Below left is what I think was probably the first record adaptor made and marketed in the US (click on the image for a larger view). It was invented by Frank A. Jansen (the patent, #2585622, was applied for in 1949 and issued in 1952) and marketed by the Webster-Chicago Corporation. (The reverse side reads “Patent Applied For.) On the right is the “Snap-It” from the Kay Music Co. of New York. It says “Pat. Pend.” but I could not find its patent (however, patent #2693364, filed in 1950, issued 1954 for an adaptor invented by Norman Chalfin might be related – I can’t really say):
Next up are a couple of sort of unusual plastic ones. The one on the left is marked “KPL 1/2” and “6/3” and because it’s triangular seems sort of similar to the kind that Rudolph Flötgen invented [#2932521, app. 1955; its the one below, middle]); the one on the right with the bicycle spokes (more of a BMX-type mag wheel, really) was made by Morse Manufacturing Co. Inc. :
These are nice and all, but the most famous molded plastic adaptors look like this and are often marked “Recoton”:
This is the kind you see all over t-shirts nowadays – as if it were the only 45 adaptor ever invented! There’s a pretty good history of the Recoton company here and as business histories go, it’s a fascinating read. Anyhow, it appears that the molded plastic insert was invented by James L. D. Morrison for the Voice of Music corporation of Benton Harbor, Michigan. (Maybe they had some relationship with RCA?) The patent (#2712943) was filed in 1951 and issued in 1955. On the left is the patent image, alongside two later, somewhat similar examples manufactured by others. The grey one is unmarked, the cool red one (looking like a fireball) was made by Philco:
That’s it for now. No, it’s not a comprehensive history, but it is enough information to impress your friends and acquaintances at cocktail parties and what not.
May be post this on our vinyl-specific site (www.vpsidaho.org)?
At the Vinyl Preservation Society of Idaho, our unofficial motto is “an independent social recreation enterprise dedicated to communal listening enjoyment.”

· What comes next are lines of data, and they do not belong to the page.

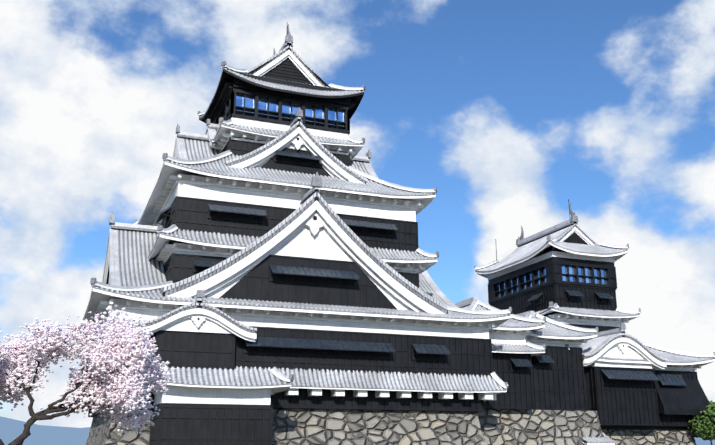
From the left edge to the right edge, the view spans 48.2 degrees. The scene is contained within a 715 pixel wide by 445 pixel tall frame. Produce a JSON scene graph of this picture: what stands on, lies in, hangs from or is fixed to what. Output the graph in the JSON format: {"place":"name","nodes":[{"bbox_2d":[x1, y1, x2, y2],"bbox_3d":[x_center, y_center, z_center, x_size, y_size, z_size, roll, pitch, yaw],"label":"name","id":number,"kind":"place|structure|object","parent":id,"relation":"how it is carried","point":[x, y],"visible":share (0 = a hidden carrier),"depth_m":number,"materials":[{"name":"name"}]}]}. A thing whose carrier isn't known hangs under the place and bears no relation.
{"place":"outdoors","nodes":[
{"label":"outdoors","id":0,"kind":"place"},
{"bbox_2d":[0,416,714,444],"bbox_3d":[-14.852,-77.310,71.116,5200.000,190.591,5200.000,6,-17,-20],"label":"distant hills","id":1,"kind":"structure","parent":0,"point":[11,430],"depth_m":2390.87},
{"bbox_2d":[0,0,714,427],"label":"sky","id":2,"kind":"structure","parent":0,"point":[514,110],"materials":[{"name":"blue"}]},
{"label":"ground","id":3,"kind":"structure","parent":0,"visible":0},
{"bbox_2d":[0,305,176,444],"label":"cherry tree","id":4,"kind":"object","parent":3,"relation":"on","point":[121,373],"visible":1,"depth_m":18.68,"materials":[{"name":"plant"}]},
{"bbox_2d":[85,408,696,444],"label":"stone bases","id":5,"kind":"object","parent":3,"relation":"on","point":[390,427],"visible":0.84,"depth_m":54.40,"materials":[{"name":"stone"}]},
{"bbox_2d":[73,24,511,444],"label":"keep","id":6,"kind":"structure","parent":5,"relation":"on","point":[265,254],"depth_m":54.63,"materials":[{"name":"wood"}]},
{"bbox_2d":[454,297,614,444],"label":"connecting wing","id":7,"kind":"structure","parent":5,"relation":"on","point":[537,364],"depth_m":61.94,"materials":[{"name":"black wood"}]},
{"bbox_2d":[474,199,714,429],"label":"keep","id":8,"kind":"structure","parent":5,"relation":"on","point":[564,272],"depth_m":70.27,"materials":[{"name":"wood"}]},
{"bbox_2d":[688,404,714,440],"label":"green tree","id":9,"kind":"object","parent":3,"relation":"on","point":[706,432],"visible":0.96,"depth_m":66.79,"materials":[{"name":"plant"}]},
{"bbox_2d":[693,400,714,444],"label":"green tree","id":10,"kind":"object","parent":3,"relation":"on","point":[711,403],"visible":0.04,"depth_m":71.61,"materials":[{"name":"plant"}]}
]}

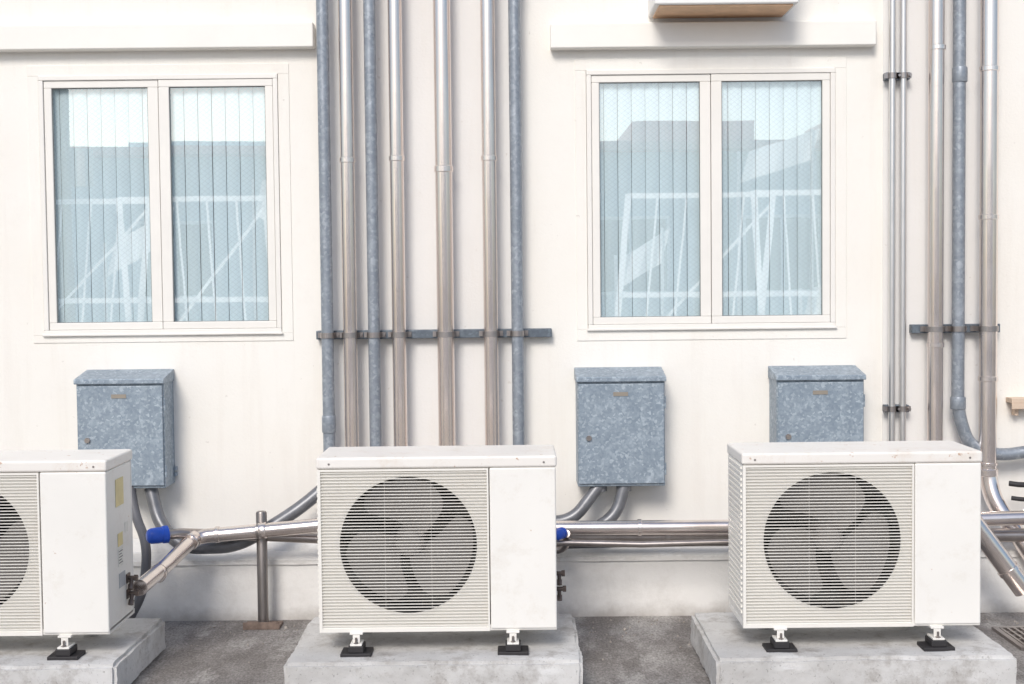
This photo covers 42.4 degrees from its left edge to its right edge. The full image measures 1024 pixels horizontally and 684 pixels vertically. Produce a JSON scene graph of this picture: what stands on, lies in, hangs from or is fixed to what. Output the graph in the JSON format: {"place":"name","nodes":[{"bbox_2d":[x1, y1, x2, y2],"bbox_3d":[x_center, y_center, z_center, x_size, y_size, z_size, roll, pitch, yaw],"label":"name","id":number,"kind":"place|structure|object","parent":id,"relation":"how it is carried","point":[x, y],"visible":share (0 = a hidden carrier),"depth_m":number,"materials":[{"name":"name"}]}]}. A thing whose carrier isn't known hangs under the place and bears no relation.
{"place":"outdoors","nodes":[
{"label":"outdoors","id":0,"kind":"place"},
{"bbox_2d":[131,612,1023,683],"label":"ground","id":1,"kind":"structure","parent":0,"point":[659,656],"depth_m":4.92,"materials":[{"name":"grey concrete"}]},
{"bbox_2d":[0,618,164,683],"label":"concrete pad","id":2,"kind":"object","parent":1,"relation":"on","point":[128,650],"visible":0.8,"depth_m":4.51,"materials":[{"name":"grey concrete"}]},
{"bbox_2d":[0,449,139,660],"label":"air conditioner","id":3,"kind":"object","parent":2,"relation":"on","point":[66,551],"visible":1,"depth_m":4.44,"materials":[{"name":"white metal"}]},
{"bbox_2d":[243,511,282,629],"bbox_3d":[-1.003,0.913,5.289,0.145,0.467,0.118,-1,2,0],"label":"pipe post","id":4,"kind":"object","parent":1,"relation":"on","point":[263,622],"visible":0.94,"depth_m":5.28,"materials":[{"name":"metal"}]},
{"bbox_2d":[146,525,317,543],"bbox_3d":[-1.094,0.765,5.273,0.711,0.106,0.145,-1,3,-15],"label":"conduit pipe","id":5,"kind":"object","parent":4,"relation":"attached to","point":[161,534],"visible":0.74,"depth_m":5.18,"materials":[{"name":"metal"}]},
{"bbox_2d":[132,509,1023,595],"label":"refrigerant pipe","id":6,"kind":"object","parent":4,"relation":"attached to","point":[165,565],"visible":0.49,"depth_m":5.23,"materials":[{"name":"silver metal"}]},
{"bbox_2d":[556,527,571,553],"bbox_3d":[0.189,0.793,5.236,0.098,0.138,0.215,-1,2,-12],"label":"conduit pipe","id":7,"kind":"object","parent":6,"relation":"attached to","point":[562,533],"visible":0.7,"depth_m":5.18,"materials":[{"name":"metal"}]},
{"bbox_2d":[981,517,1023,596],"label":"drain pipe","id":8,"kind":"object","parent":6,"relation":"attached to","point":[1006,566],"visible":0.87,"depth_m":5.11,"materials":[{"name":"silver metal"}]},
{"bbox_2d":[284,614,583,683],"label":"concrete pad","id":9,"kind":"object","parent":1,"relation":"on","point":[471,657],"visible":0.74,"depth_m":4.38,"materials":[{"name":"grey concrete"}]},
{"bbox_2d":[316,445,565,657],"bbox_3d":[-0.233,0.712,4.572,0.845,0.669,0.345,-1,2,0],"label":"air conditioner","id":10,"kind":"object","parent":9,"relation":"on","point":[432,538],"visible":1,"depth_m":4.44,"materials":[{"name":"white metal"}]},
{"bbox_2d":[0,0,1023,620],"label":"building","id":11,"kind":"structure","parent":1,"relation":"on","point":[706,206],"depth_m":5.49,"materials":[{"name":"paint"}]},
{"bbox_2d":[73,369,177,487],"bbox_3d":[-1.586,0.368,5.432,0.372,0.501,0.175,-1,2,0],"label":"junction box","id":12,"kind":"object","parent":11,"relation":"attached to","point":[132,410],"visible":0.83,"depth_m":5.36,"materials":[{"name":"metal"}]},
{"bbox_2d":[77,385,166,485],"bbox_3d":[-1.584,0.382,5.359,0.358,0.408,0.022,-1,2,-2],"label":"door","id":13,"kind":"structure","parent":12,"relation":"in","point":[108,417],"depth_m":5.35,"materials":[{"name":"metal"}]},
{"bbox_2d":[129,486,150,617],"bbox_3d":[-1.495,0.848,5.276,0.114,0.530,0.299,-1,2,-10],"label":"cable","id":14,"kind":"object","parent":12,"relation":"attached to","point":[139,525],"visible":0.66,"depth_m":5.23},
{"bbox_2d":[144,486,316,553],"bbox_3d":[-1.107,0.693,5.383,0.806,0.325,0.153,-1,2,0],"label":"conduit pipe","id":15,"kind":"object","parent":12,"relation":"attached to","point":[305,503],"visible":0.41,"depth_m":5.36,"materials":[{"name":"silver metal"}]},
{"bbox_2d":[38,73,282,336],"bbox_3d":[-1.459,-0.567,5.506,1.001,1.077,0.088,-1,2,0],"label":"window","id":16,"kind":"structure","parent":11,"relation":"in","point":[167,308],"depth_m":5.50,"materials":[{"name":"paint"}]},
{"bbox_2d":[316,0,335,451],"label":"conduit pipe","id":17,"kind":"object","parent":11,"relation":"attached to","point":[325,219],"visible":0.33,"depth_m":5.38,"materials":[{"name":"metal"}]},
{"bbox_2d":[338,0,358,446],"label":"refrigerant pipe","id":18,"kind":"object","parent":11,"relation":"attached to","point":[347,170],"visible":0.88,"depth_m":5.38,"materials":[{"name":"silver metal"}]},
{"bbox_2d":[387,0,407,445],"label":"refrigerant pipe","id":19,"kind":"object","parent":11,"relation":"attached to","point":[396,158],"visible":0.88,"depth_m":5.38,"materials":[{"name":"silver metal"}]},
{"bbox_2d":[316,328,551,339],"bbox_3d":[-0.323,-0.032,5.442,0.975,0.036,0.127,-1,2,0],"label":"strut channel","id":20,"kind":"object","parent":11,"relation":"attached to","point":[456,333],"visible":1,"depth_m":5.46,"materials":[{"name":"metal"}]},
{"bbox_2d":[363,0,381,446],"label":"conduit pipe","id":21,"kind":"object","parent":20,"relation":"attached to","point":[369,30],"depth_m":5.38,"materials":[{"name":"metal"}]},
{"bbox_2d":[508,0,524,444],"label":"conduit pipe","id":22,"kind":"object","parent":20,"relation":"attached to","point":[514,42],"depth_m":5.38,"materials":[{"name":"metal"}]},
{"bbox_2d":[433,0,455,445],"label":"refrigerant pipe","id":23,"kind":"object","parent":11,"relation":"attached to","point":[443,168],"visible":0.88,"depth_m":5.37,"materials":[{"name":"silver metal"}]},
{"bbox_2d":[480,0,498,444],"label":"refrigerant pipe","id":24,"kind":"object","parent":11,"relation":"attached to","point":[489,189],"visible":0.86,"depth_m":5.38,"materials":[{"name":"silver metal"}]},
{"bbox_2d":[574,367,665,491],"bbox_3d":[0.448,0.359,5.433,0.372,0.501,0.175,-1,2,0],"label":"junction box","id":25,"kind":"object","parent":11,"relation":"attached to","point":[620,426],"visible":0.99,"depth_m":5.36,"materials":[{"name":"metal"}]},
{"bbox_2d":[556,486,604,520],"bbox_3d":[0.206,0.663,5.404,0.353,0.190,0.092,-1,2,0],"label":"conduit pipe","id":26,"kind":"object","parent":25,"relation":"attached to","point":[579,510],"visible":0.36,"depth_m":5.38,"materials":[{"name":"silver metal"}]},
{"bbox_2d":[596,486,629,520],"bbox_3d":[0.262,0.696,5.378,0.455,0.238,0.076,-1,2,-7],"label":"conduit pipe","id":27,"kind":"object","parent":25,"relation":"attached to","point":[615,511],"visible":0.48,"depth_m":5.38,"materials":[{"name":"silver metal"}]},
{"bbox_2d":[578,383,665,483],"bbox_3d":[0.450,0.372,5.360,0.358,0.408,0.022,-1,2,-2],"label":"door","id":28,"kind":"structure","parent":25,"relation":"in","point":[621,426],"depth_m":5.36,"materials":[{"name":"metal"}]},
{"bbox_2d":[556,539,728,547],"bbox_3d":[0.543,0.791,5.198,0.831,0.038,0.026,-1,2,0],"label":"conduit pipe","id":29,"kind":"object","parent":11,"relation":"attached to","point":[647,544],"visible":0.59,"depth_m":5.19,"materials":[{"name":"metal"}]},
{"bbox_2d":[568,545,727,548],"bbox_3d":[0.544,0.824,5.366,0.831,0.032,0.033,-1,2,0],"label":"conduit pipe","id":30,"kind":"object","parent":11,"relation":"attached to","point":[573,547],"visible":0.09,"depth_m":5.36,"materials":[{"name":"silver metal"}]},
{"bbox_2d":[586,68,836,330],"bbox_3d":[0.834,-0.591,5.506,1.056,1.077,0.088,-1,2,0],"label":"window","id":31,"kind":"structure","parent":11,"relation":"in","point":[802,100],"depth_m":5.50,"materials":[{"name":"paint"}]},
{"bbox_2d":[571,528,1023,541],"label":"refrigerant pipe","id":32,"kind":"object","parent":11,"relation":"attached to","point":[1009,534],"visible":0.11,"depth_m":5.31,"materials":[{"name":"metal"}]},
{"bbox_2d":[768,365,865,441],"bbox_3d":[1.257,0.352,5.433,0.372,0.501,0.175,-1,2,0],"label":"junction box","id":33,"kind":"object","parent":11,"relation":"attached to","point":[819,403],"visible":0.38,"depth_m":5.35,"materials":[{"name":"metal"}]},
{"bbox_2d":[778,382,864,441],"bbox_3d":[1.259,0.366,5.360,0.358,0.408,0.022,-1,2,-2],"label":"door","id":34,"kind":"structure","parent":33,"relation":"in","point":[807,411],"depth_m":5.35,"materials":[{"name":"metal"}]},
{"bbox_2d":[888,0,895,440],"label":"thin conduit","id":35,"kind":"object","parent":11,"relation":"attached to","point":[892,198],"depth_m":5.42,"materials":[{"name":"grey metal"}]},
{"bbox_2d":[882,404,910,411],"bbox_3d":[1.595,0.276,5.484,0.112,0.030,0.070,-1,2,0],"label":"strut channel","id":36,"kind":"object","parent":11,"relation":"attached to","point":[895,408],"visible":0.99,"depth_m":5.46,"materials":[{"name":"metal"}]},
{"bbox_2d":[883,72,911,80],"bbox_3d":[1.581,-1.093,5.426,0.112,0.030,0.070,-1,2,0],"label":"strut channel","id":37,"kind":"object","parent":11,"relation":"attached to","point":[896,75],"visible":0.96,"depth_m":5.40,"materials":[{"name":"metal"}]},
{"bbox_2d":[899,0,906,440],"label":"thin conduit","id":38,"kind":"object","parent":11,"relation":"attached to","point":[902,250],"depth_m":5.42,"materials":[{"name":"grey metal"}]},
{"bbox_2d":[926,0,945,440],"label":"refrigerant pipe","id":39,"kind":"object","parent":11,"relation":"attached to","point":[936,61],"visible":0.92,"depth_m":5.38,"materials":[{"name":"silver metal"}]},
{"bbox_2d":[909,324,999,332],"bbox_3d":[1.837,-0.055,5.434,0.365,0.036,0.143,-1,2,0],"label":"strut channel","id":40,"kind":"object","parent":11,"relation":"attached to","point":[945,328],"visible":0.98,"depth_m":5.43,"materials":[{"name":"metal"}]},
{"bbox_2d":[950,0,1023,459],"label":"conduit pipe","id":41,"kind":"object","parent":40,"relation":"attached to","point":[959,81],"visible":0.85,"depth_m":5.38,"materials":[{"name":"metal"}]},
{"bbox_2d":[978,0,1023,559],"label":"refrigerant pipe","id":42,"kind":"object","parent":11,"relation":"attached to","point":[989,70],"visible":0.85,"depth_m":5.36,"materials":[{"name":"silver metal"}]},
{"bbox_2d":[1006,397,1023,415],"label":"wall bracket","id":43,"kind":"object","parent":11,"relation":"attached to","point":[1017,403],"depth_m":5.45,"materials":[{"name":"beige paint"}]},
{"bbox_2d":[1009,481,1023,486],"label":"cable","id":44,"kind":"object","parent":11,"relation":"attached to","point":[1015,484],"visible":1,"depth_m":5.37,"materials":[{"name":"black rubber"}]},
{"bbox_2d":[1011,496,1023,501],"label":"cable","id":45,"kind":"object","parent":11,"relation":"attached to","point":[1015,498],"visible":1,"depth_m":5.37,"materials":[{"name":"black rubber"}]},
{"bbox_2d":[173,615,1023,663],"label":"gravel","id":46,"kind":"structure","parent":1,"relation":"on","point":[624,628],"depth_m":5.22,"materials":[{"name":"grey gravel"}]},
{"bbox_2d":[691,612,1015,683],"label":"concrete pad","id":47,"kind":"object","parent":1,"relation":"on","point":[728,648],"visible":0.77,"depth_m":4.37,"materials":[{"name":"grey concrete"}]},
{"bbox_2d":[727,440,981,652],"bbox_3d":[1.194,0.697,4.572,0.845,0.669,0.345,-1,2,0],"label":"air conditioner","id":48,"kind":"object","parent":47,"relation":"on","point":[860,534],"visible":1,"depth_m":4.44,"materials":[{"name":"white metal"}]},
{"bbox_2d":[991,626,1023,650],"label":"drain grate","id":49,"kind":"object","parent":1,"relation":"on","point":[1004,632],"visible":1,"depth_m":5.05,"materials":[{"name":"metal"}]}
]}

VPS Idaho is an outgrowth of the shared passion for music of two brothers, Travis and Chad Dryden of Boise, who spend a lot of time together in a basement rec room drinking whiskey and beer while spinning records and talking about music. They both suck at performing music (neither advanced beyond beginner guitar lessons), but they consider themselves professional listeners.
Check us out and let us know if you’d like to see your article on our site.
Well, we’d rather you not reproduce the article, but if you want to link to this page on your “Articles from around the Web” page, feel free!
Hello & thanks for the information on a, sadly, much neglected subject.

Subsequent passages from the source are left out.